Invisible in the City | Teen Ink

Invisible in the City

May 5, 2016
By Luckystar78 ELITE, London, Other
Luckystar78 ELITE, London, Other
114 articles 0 photos 97 comments

Favorite Quote:
"..though warm as summer it was fresh as spring." (Thomas Hardy) ("Far from the Madding crowd")


I fumble with the sticky packet in my pocket, scrambling for a packet to sedate the burn on my tongue, the food stains on my almost perfectly white teeth.


I take a stick out, and the gum in my palm pops inside my mouth and soothes the churning uncertainty writhing in my bones; much better, cleaner, than a cigarette.


I bask in the minty freshness of my small treat, consuming a filter of air, no doubt breathing in carbon dioxide and all the other filthy pollution floating inside the smoke in the city.


The rock-hard, cemented pavement is the only sound that drifts inside my ears, drifting inside my soundless being, the emptiness rotting away inside.


I inhale another gasp of air.


The raucous conversations of passer-by’s and the screams of traffic screeching through the evening light hum inside my head. I focus on the blurring buildings as I walk, glass doors reflecting the burning pain in my eyes, the pupil widened for help, for attention.

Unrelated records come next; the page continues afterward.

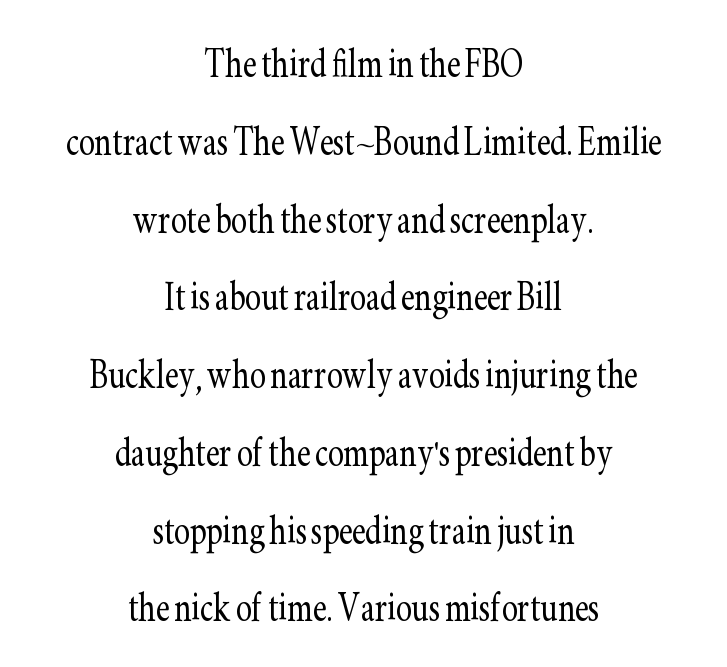
Q: Is the text bold? A: No.
Q: Is the text italic (slanted)? A: No, it is upright.
Q: Is the typeface a serif or a sans-serif typeface? A: Serif.
Q: Is the text underlined? A: No.
Q: How is the paragraph aligned? A: Centered.
Q: Is the spacing between letters normal or unusually wide? A: Normal.
Q: Is the spacing between lines tight, normal or loose? A: Normal.
Q: Width (condensed, normal, or wide)? A: Condensed.
Q: Stroke contrast? A: Low.
Q: x-height? A: Small.
Q: Monospaced? A: No.

Why doesn’t anyone ever see me?
Why am I invisible in the city?


I choke on the dirty air, clutch my bony sides, feel a hot teardrop squeeze onto my cheek. As I flatten my back against a vintage shop door and close my eyes, a faint pink shade darkens my skin, betraying my shame.

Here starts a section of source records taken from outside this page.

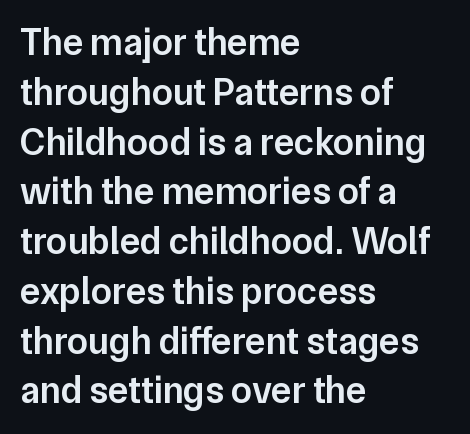
The image shows 38 px semibold sans-serif type, upright; set left-aligned, normal line spacing (1.31x), normal letter spacing, not underlined; low stroke contrast and a medium x-height.
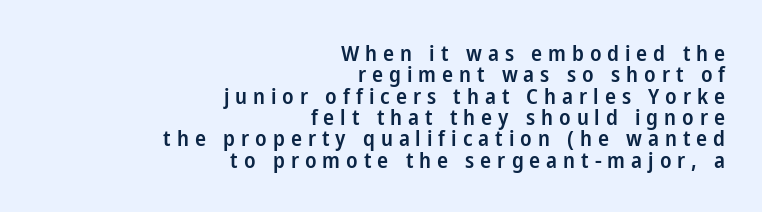
{"italic": "no", "bold": "semi", "underline": "no", "align": "right", "line_spacing": "tight", "line_spacing_ratio": 0.97, "letter_spacing": "wide", "letter_spacing_em": 0.27, "glyph_px": 22}
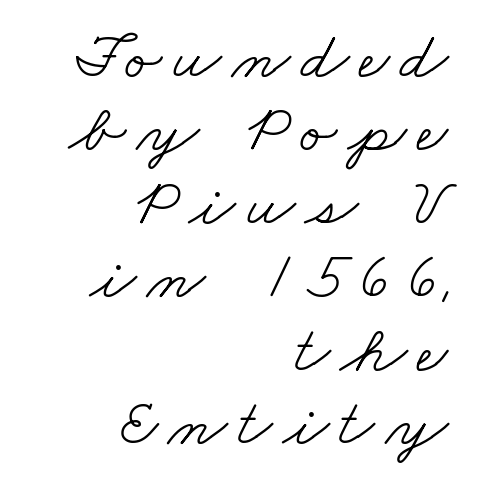
Old-style or modern, the face here clearly has serifs. Quick note: underline off. Notice how the passage keeps a crisp vertical edge on the right only. Looks like regular typesetting: each glyph gets only the width it needs. The lines are packed closely together with very little leading. Stroke mass is kept to a normal reading level or below.

I wish I could go home. But it isn’t home anymore, hasn’t been for a long time.


There are over ten million citizens in the city. And not one of them stops by to see if I am alright.


But I am alright. I always am.


The shadows of the haunted are used to fading into darkness; irrelevant, worthless, insignificant, invisible in the city.


The author's comments:

This depicts the experience of loneliness and alienation in a huge city; from the perspective of the underclass in society: how we hurry past their pain and torment and turn our eye away. The city can be a dark, or amazing place.